**What this task involves**.
Give the listing again character for character, but drop the images.

**Supplied records**.
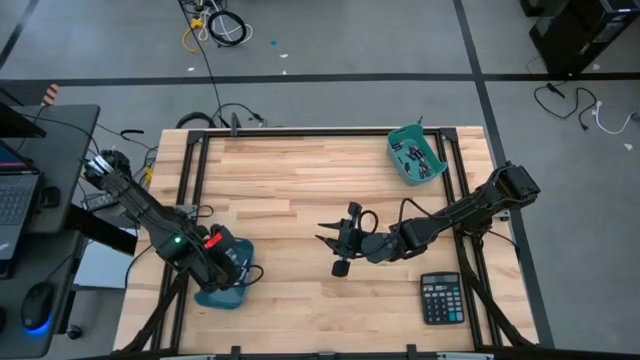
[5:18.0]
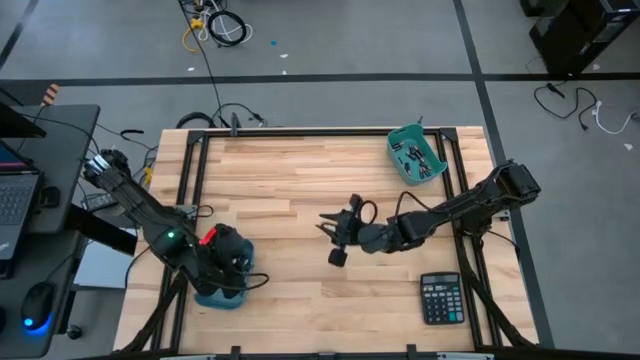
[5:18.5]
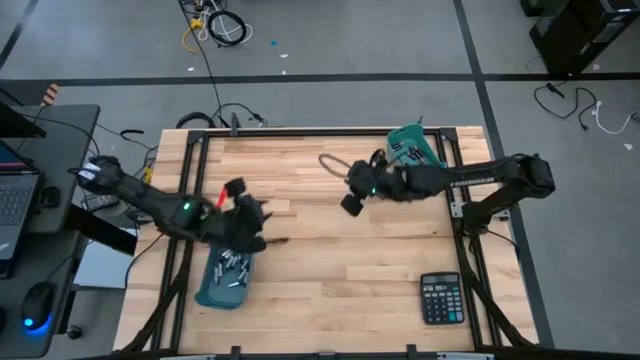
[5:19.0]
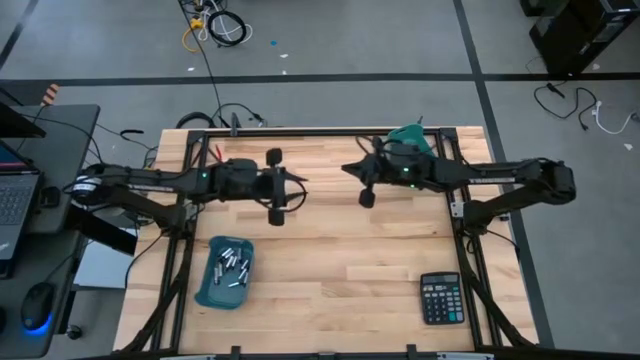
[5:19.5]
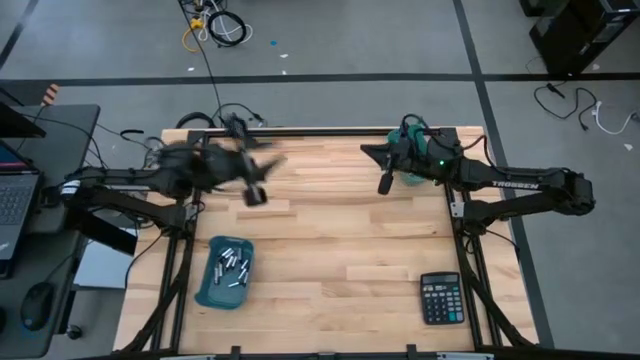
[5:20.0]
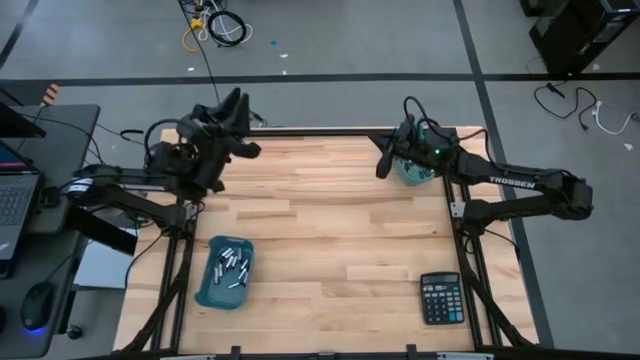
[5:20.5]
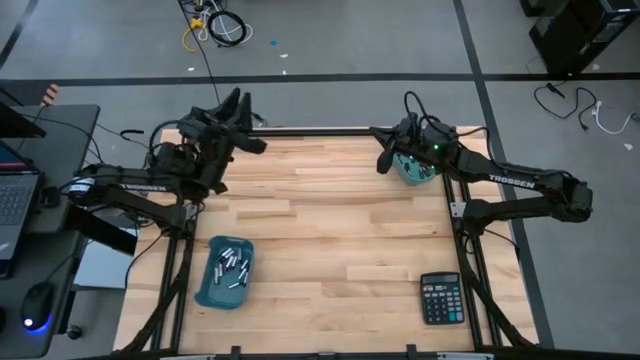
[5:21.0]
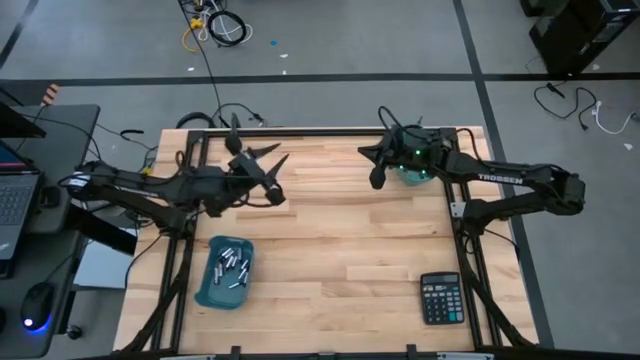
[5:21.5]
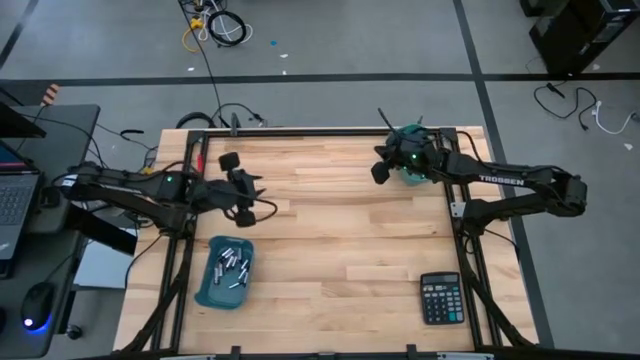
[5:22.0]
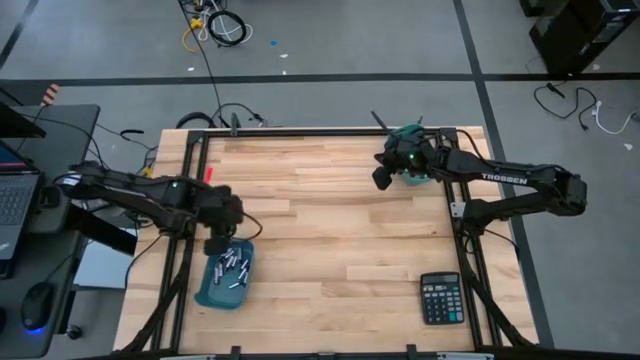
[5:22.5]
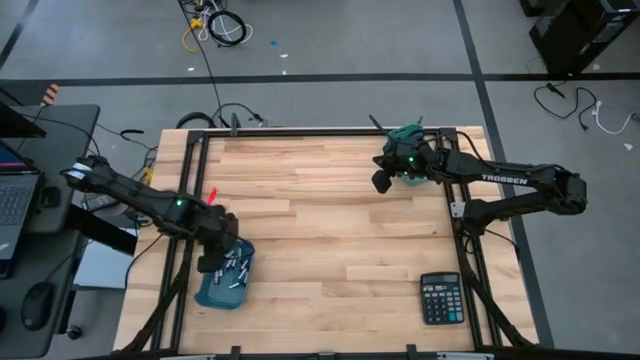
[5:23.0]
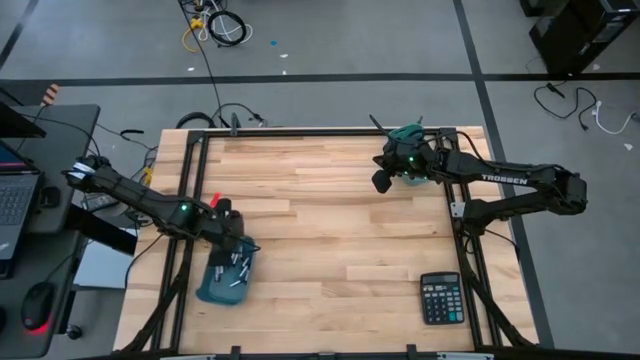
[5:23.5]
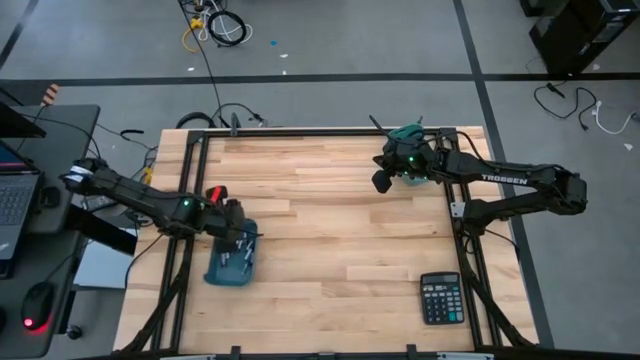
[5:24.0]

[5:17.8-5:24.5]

**Your solution**.
[5:18.0]
[5:18.5]
[5:19.0]
[5:19.5]
[5:20.0]
[5:20.5]
[5:21.0]
[5:21.5]
[5:22.0]
[5:22.5]
[5:23.0]
[5:23.5]
[5:24.0]

[5:17.8-5:24.5]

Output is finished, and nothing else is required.